The early days of 1914 and 1915 were days of mobilization problems, and they were problems indeed. The provision of arms, equipment and food had to be undertaken on a scale unheard of before. It was necessary to provide transportation for vast bodies of troops and great quantities of stores, to say nothing of the construction of training camps, rifle ranges, and all the paraphernalia of war. The human element, fresh and easily responsive to patriotic appeal, presented few difficulties at that time.

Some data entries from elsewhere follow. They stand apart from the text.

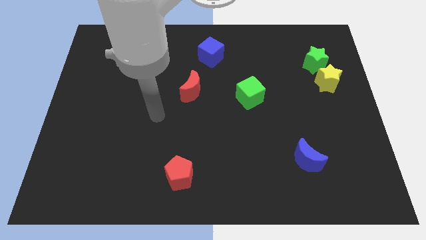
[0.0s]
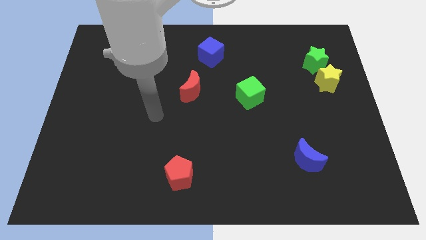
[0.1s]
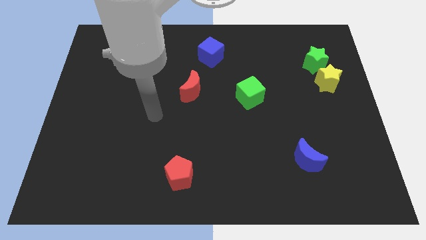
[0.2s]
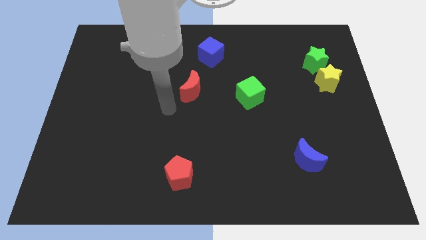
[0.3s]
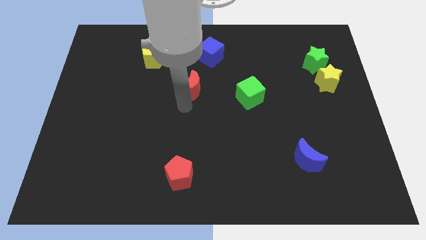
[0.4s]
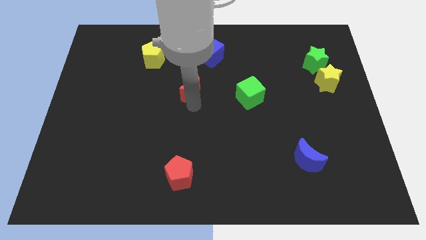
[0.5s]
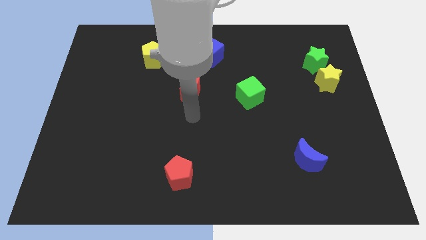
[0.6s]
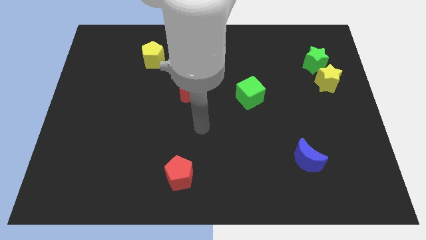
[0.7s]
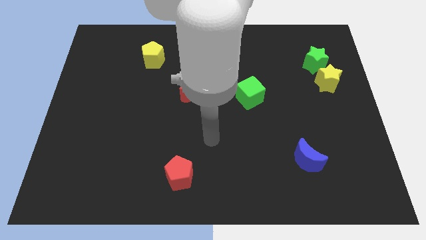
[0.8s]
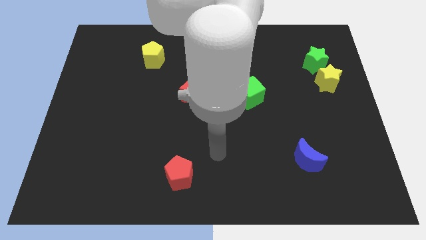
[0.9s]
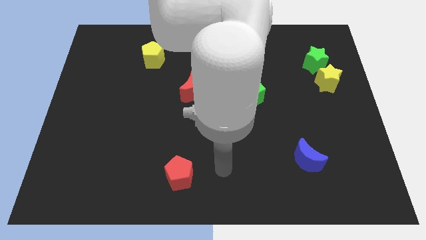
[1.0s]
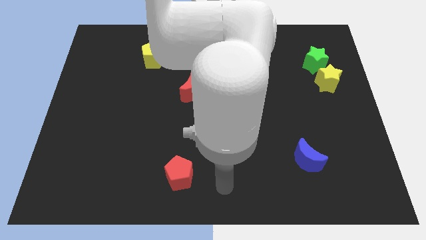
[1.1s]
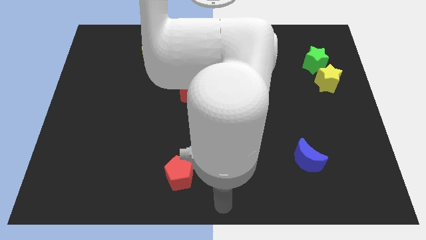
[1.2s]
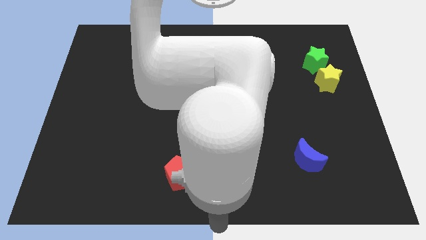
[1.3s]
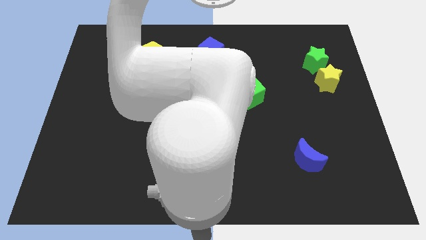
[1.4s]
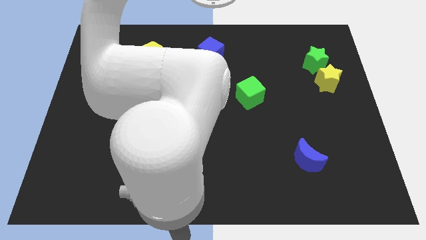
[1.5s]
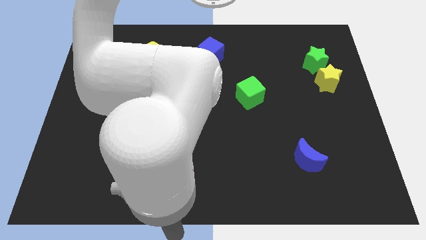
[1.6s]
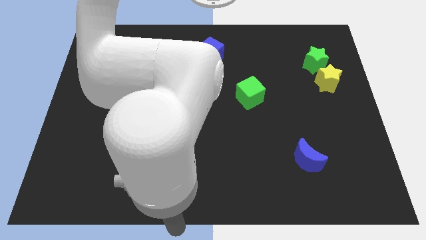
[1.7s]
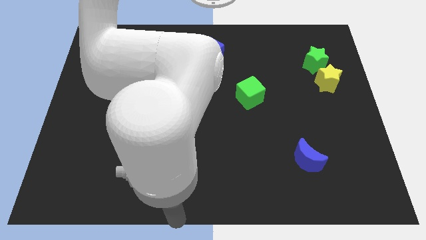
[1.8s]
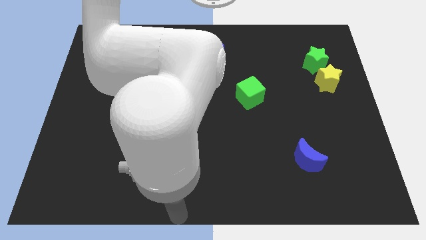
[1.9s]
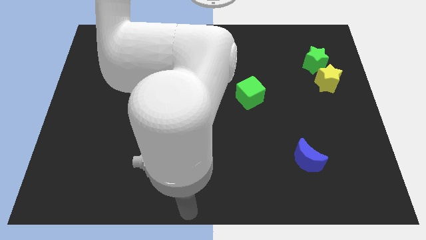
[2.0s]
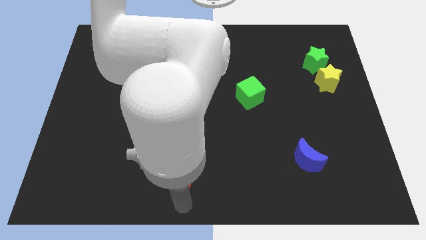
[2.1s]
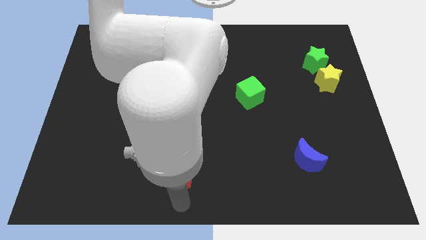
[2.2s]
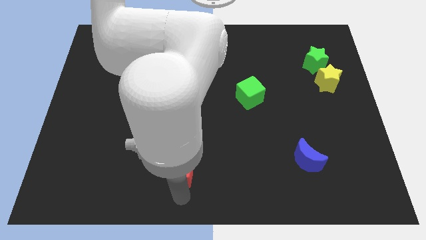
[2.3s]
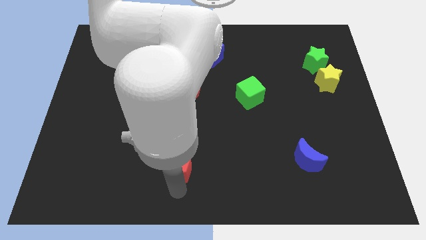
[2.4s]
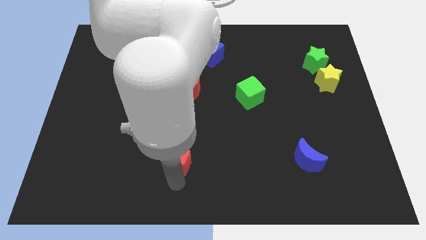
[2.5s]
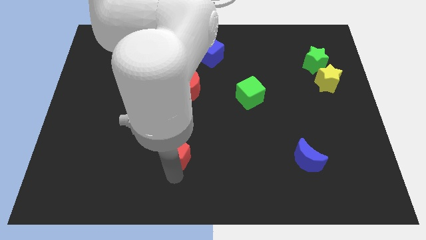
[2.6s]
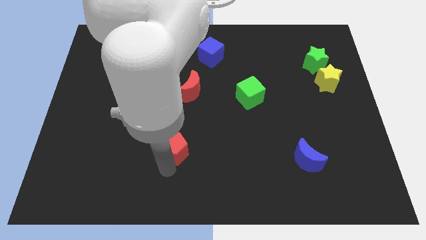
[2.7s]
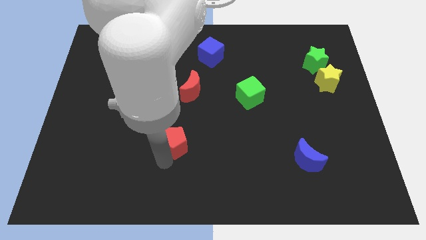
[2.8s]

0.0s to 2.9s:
push the red pentagon slightly upwards

There are, however, certain conditions inherent in military life which go far towards unfitting the soldier for civilian occupation. Without entering into a discussion of the reasons for these conditions, two of them at least may be enumerated. In military life individual liberty is impossible, but it is of supreme importance in civil life. Further, in military life ambition or self-interest, which may be considered a fundamental motive in human action, becomes of secondary importance. Self-interest is, in fact, disciplined into complete abeyance. The moment the soldier becomes a civilian the restraints upon his individual liberty are more or less removed, and it is entirely in keeping with the impulses of human nature if he should, for a time, go to the opposite extreme. Then again, he finds it no easy task to awaken the ambition lying dormant within him, and it frequently happens that it is only from bitter experience that he learns it is necessary to rely, in the first instance, upon himself. These two conditions alone emphasize how different are the various problems of demobilization and mobilization. The success or failure of the work of reconstruction depends, not so much on the highly-developed organization as on the amount of personal service, whole-hearted sympathy and understanding brought to the work by those who, together with the soldier, must face the many obstacles confronting him in the first stages of his return to citizenship.

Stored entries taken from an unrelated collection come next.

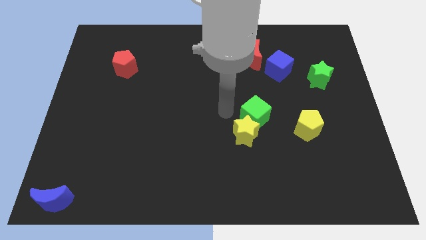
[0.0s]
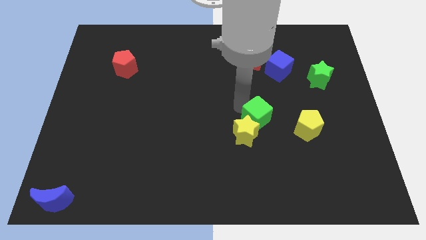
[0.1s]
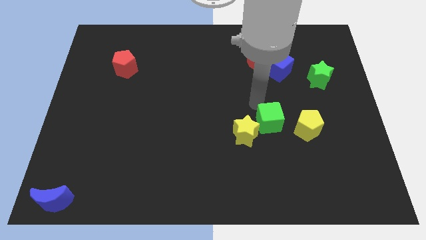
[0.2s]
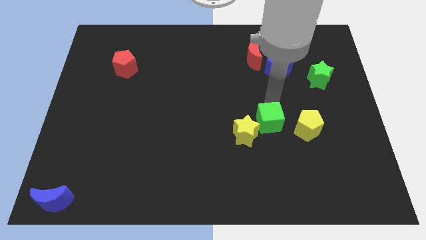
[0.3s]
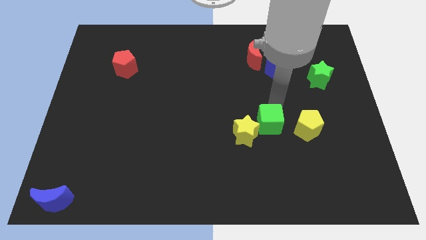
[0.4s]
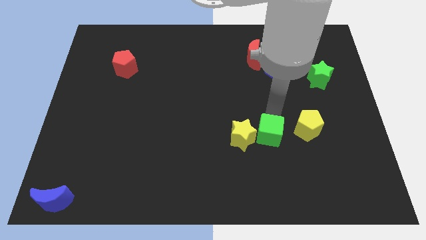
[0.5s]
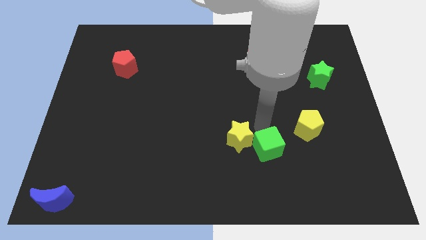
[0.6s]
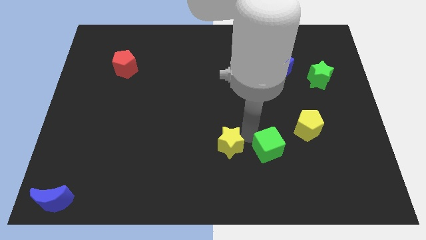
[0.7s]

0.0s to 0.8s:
place the green cube to the right of yellow star
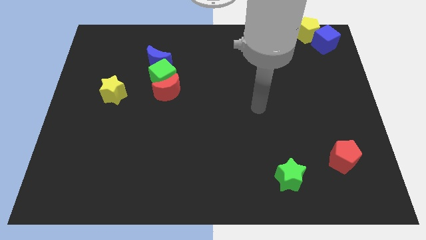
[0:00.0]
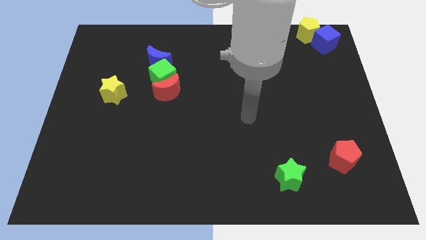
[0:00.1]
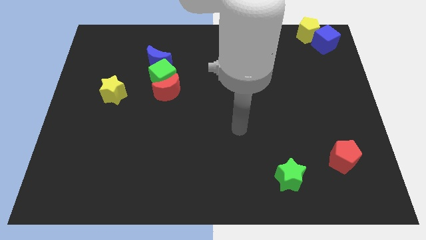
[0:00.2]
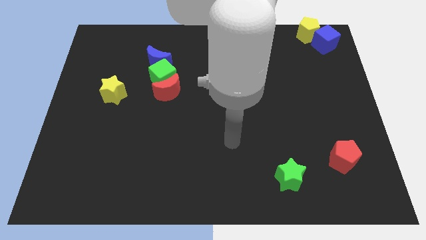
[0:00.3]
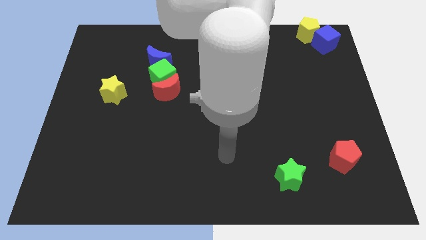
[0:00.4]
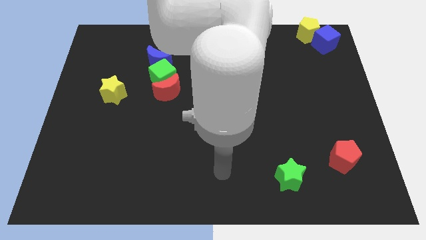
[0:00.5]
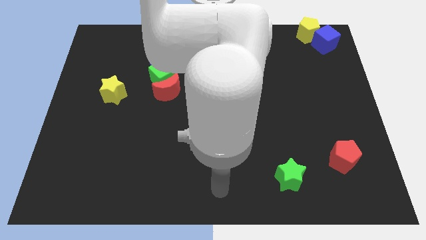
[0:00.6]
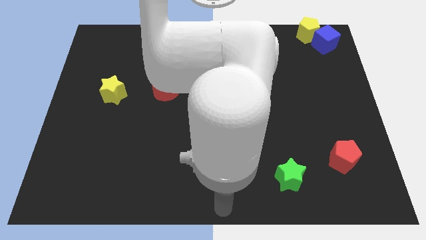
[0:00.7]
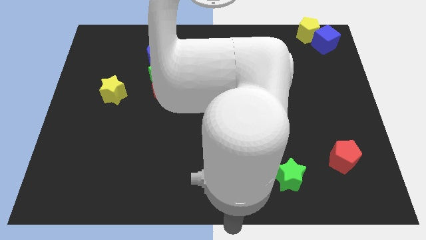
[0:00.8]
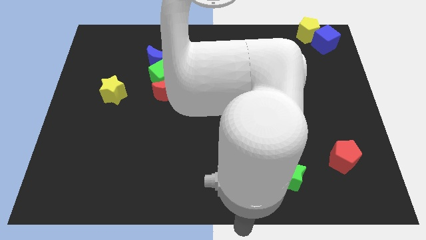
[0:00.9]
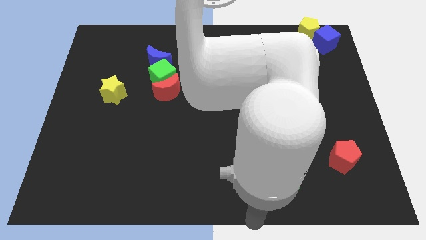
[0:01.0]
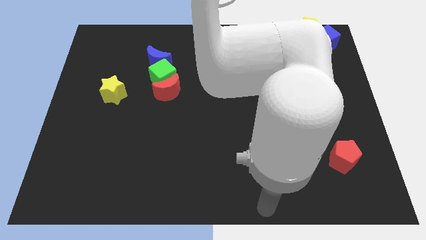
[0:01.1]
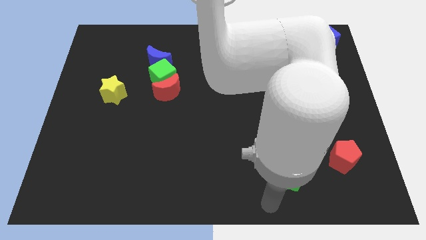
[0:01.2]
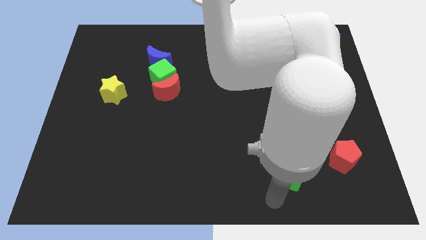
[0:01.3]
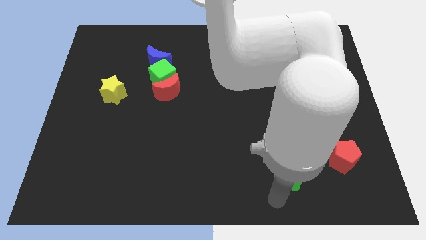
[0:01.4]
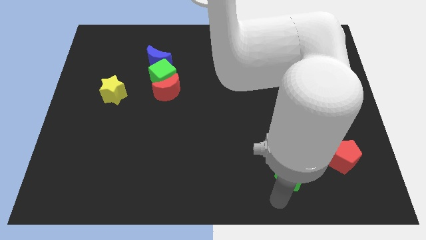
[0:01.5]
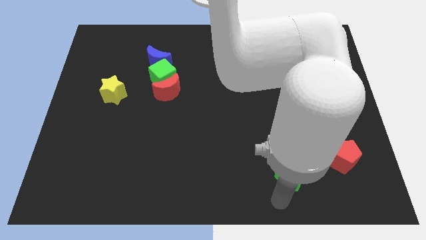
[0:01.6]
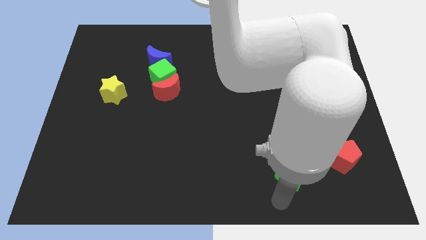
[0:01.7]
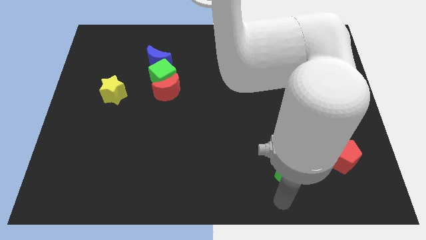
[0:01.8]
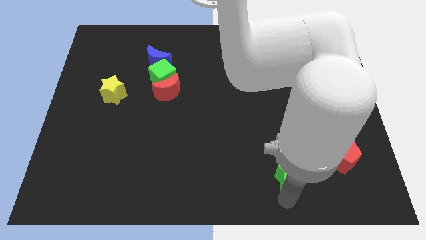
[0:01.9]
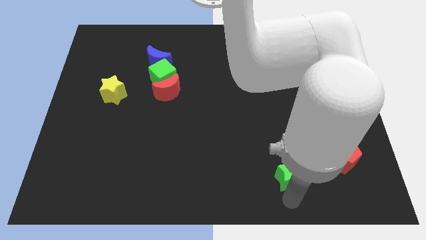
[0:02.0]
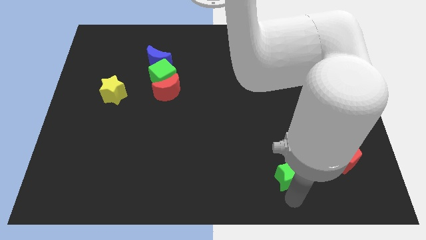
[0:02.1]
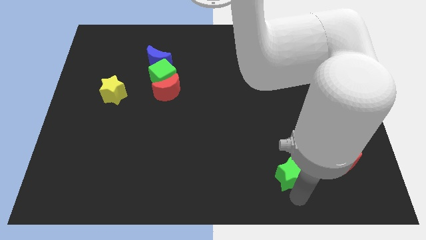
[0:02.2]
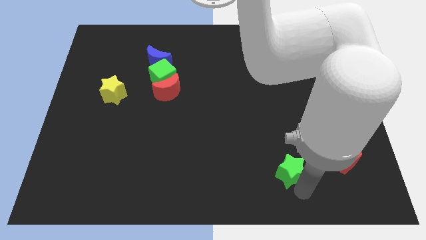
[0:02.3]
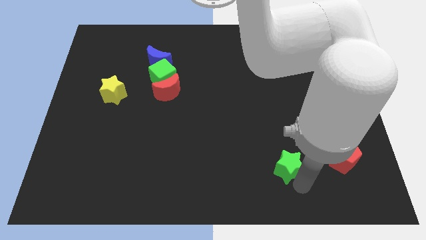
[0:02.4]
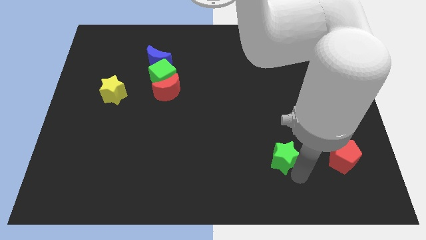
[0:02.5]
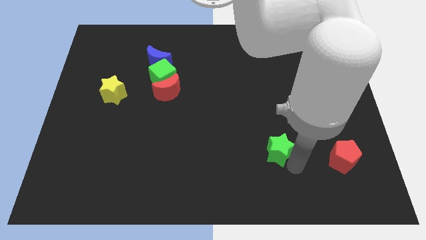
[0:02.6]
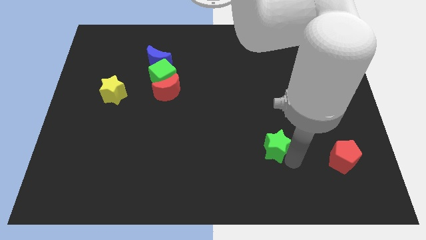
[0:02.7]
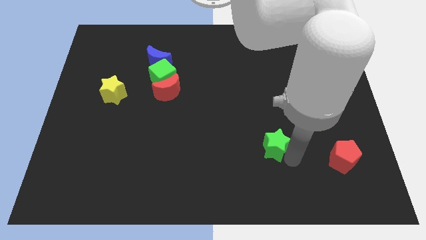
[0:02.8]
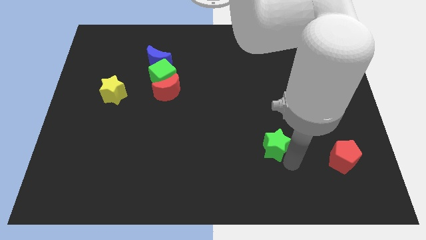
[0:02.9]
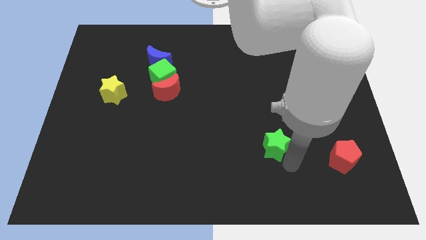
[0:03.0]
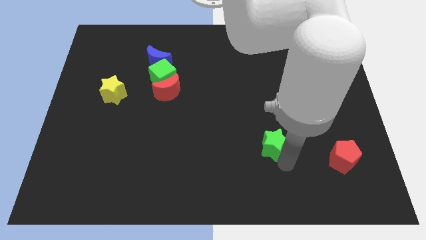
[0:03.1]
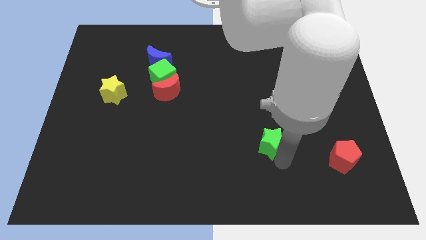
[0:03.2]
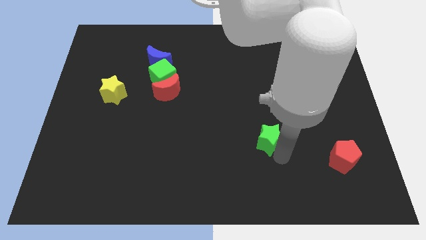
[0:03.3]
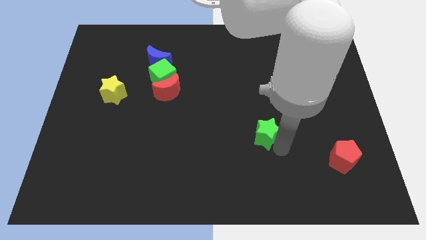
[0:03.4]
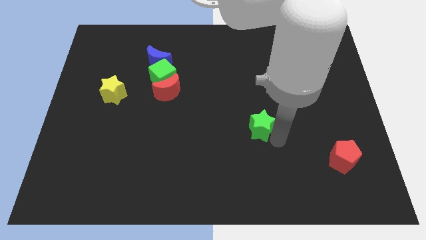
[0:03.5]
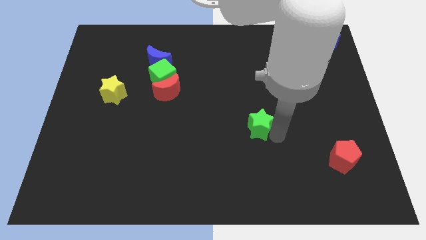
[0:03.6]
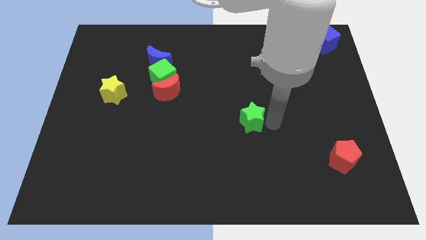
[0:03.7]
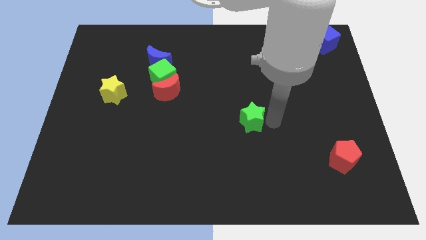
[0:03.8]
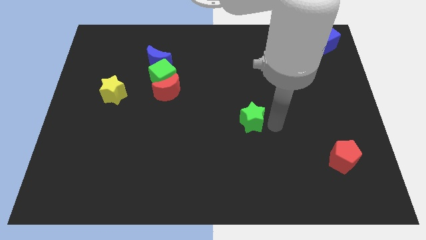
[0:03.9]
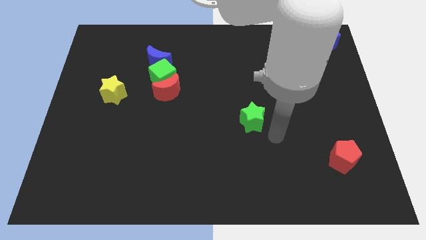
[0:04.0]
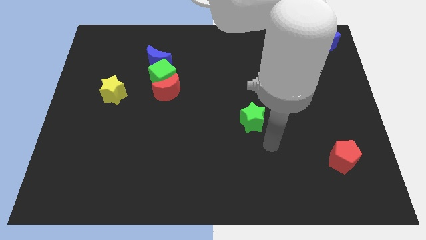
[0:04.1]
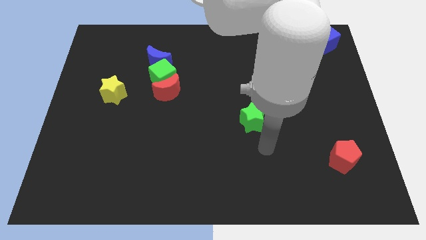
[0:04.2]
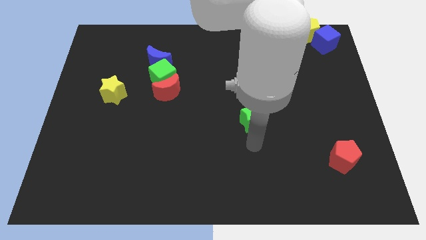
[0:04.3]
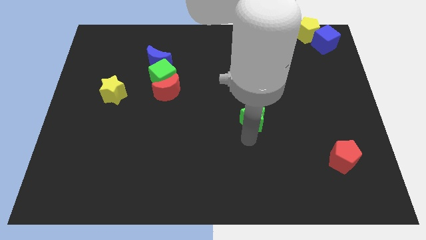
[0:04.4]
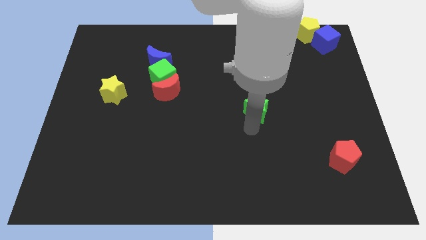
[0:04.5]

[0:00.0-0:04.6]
place the green star in between red moon and red pentagon

Without the active co-operation of the soldiers themselves the work of reconstruction could not be a success. Undoubtedly our present stability, in comparison with many other parts of Canada is, in a large measure, due to the initiative and strength of purpose with which our soldiers have met, and are meeting, the tasks of a humdrum every-day life. It would, no doubt, be surprising to the average citizen were he to know how many men in Nova Scotia have re-established themselves without assistance from the Government.